The solution isn’t better politicians, the solution is less money for politicians to spread around.
We have to throw 90% of the government (other than national defense and public safety) away. It’s worse than useless. It’s so dangerous that it will destroy the country unless its blown up first.
Indeed. It’s nearly provable that, in the absence of invasion by a hostile foreign power, a country is always in more danger from its own government than from any other actual or potential threat. After all, what armed-to-the-teeth predatory force is nearest to it?
Mitt Romney could do much worse than choose Governor Walker as his Vice Presidential candidate….
What a horrible thought.
Why would you want to tarnish a man like Walker by associating him with that RINO Romney?
That would want to make me throw up!
Goodby, John Boehner. Hello, Speaker Scott Walker. Wouldn’t that be something wonderful to behold? (Yes, the Constitution would permit it.)
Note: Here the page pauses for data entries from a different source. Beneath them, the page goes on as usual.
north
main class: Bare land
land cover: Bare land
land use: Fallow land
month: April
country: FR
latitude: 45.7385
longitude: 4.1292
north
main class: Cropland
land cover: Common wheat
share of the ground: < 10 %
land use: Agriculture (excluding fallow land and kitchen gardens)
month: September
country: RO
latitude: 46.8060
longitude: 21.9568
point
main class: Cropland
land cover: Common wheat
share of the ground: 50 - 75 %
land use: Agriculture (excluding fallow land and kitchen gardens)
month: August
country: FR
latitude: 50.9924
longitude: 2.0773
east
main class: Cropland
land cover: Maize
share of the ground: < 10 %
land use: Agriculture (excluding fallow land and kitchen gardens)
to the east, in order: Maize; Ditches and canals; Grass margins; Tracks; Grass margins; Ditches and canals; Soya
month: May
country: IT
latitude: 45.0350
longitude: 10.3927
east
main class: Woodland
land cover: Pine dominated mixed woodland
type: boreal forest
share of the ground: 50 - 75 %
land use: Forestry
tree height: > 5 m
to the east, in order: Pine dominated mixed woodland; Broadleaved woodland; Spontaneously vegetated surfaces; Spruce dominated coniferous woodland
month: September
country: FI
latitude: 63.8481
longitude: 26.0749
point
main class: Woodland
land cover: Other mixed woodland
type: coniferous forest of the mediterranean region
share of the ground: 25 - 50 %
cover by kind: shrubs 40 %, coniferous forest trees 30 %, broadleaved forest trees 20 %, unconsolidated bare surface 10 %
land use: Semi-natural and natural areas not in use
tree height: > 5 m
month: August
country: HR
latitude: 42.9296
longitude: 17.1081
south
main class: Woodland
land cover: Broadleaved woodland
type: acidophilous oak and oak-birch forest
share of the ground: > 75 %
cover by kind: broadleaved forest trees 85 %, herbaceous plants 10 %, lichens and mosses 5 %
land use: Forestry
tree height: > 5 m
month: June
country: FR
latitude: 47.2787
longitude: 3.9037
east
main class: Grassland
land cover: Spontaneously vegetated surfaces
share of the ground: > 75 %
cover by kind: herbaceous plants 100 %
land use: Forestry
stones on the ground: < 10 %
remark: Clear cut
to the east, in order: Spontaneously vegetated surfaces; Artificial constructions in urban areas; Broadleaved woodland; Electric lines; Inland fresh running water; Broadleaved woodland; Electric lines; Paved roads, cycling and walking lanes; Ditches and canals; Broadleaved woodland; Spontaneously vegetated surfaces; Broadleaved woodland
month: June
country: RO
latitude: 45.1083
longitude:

“Lord D’Abernon once observed that “An Englishman’s mind works best when it is almost too late.” Perhaps it is that way for us Americans too.”
Apparently there are too few minds working in California. Gov. Moonbeam is about to – or has just signed a bill allowing that state to begin selling bonds for construction of a $68B high speed rail project linking northern and southern California. Some of the money will come from Federal Transportation grants – great – I get to help fund their boondoggle.
You just have to wonder what dumb investors will be buying those bonds. And who thinks the $68B figure will be ‘on budget’? Double it – or more and you’ll be closer to the final tally.
The list of competent and, so far as one knows, honorable and even modest Republicans is quite long. Walker is high on the list. The central problem remains the current Congressional leadership and all the troughers and toadies who tag along. That ain’t going away after November. Walker, one hopes, is too smart to agree to be Romney’s running mate.
Yes, there’s plenty of hope for the future especially for those open to the idea of quitting the GOP for better pastures. The clamor for reform will reach a crescendo after the election.
The best and brightest have nothing to fear. The country needs them near the top of the tree, running things instead of accepting crumbs from denizens permanently identified with the mess (Pelosi, Boehner, e.g. — the list is long).
The failure of our two major parties is now complete. A few Democrats, a shorter list, are also part of the solution. Example (maybe): CO Gov. John Hickenlooper has an attractive background and, to this outsider, seems worthy. Do voters in CO hate him?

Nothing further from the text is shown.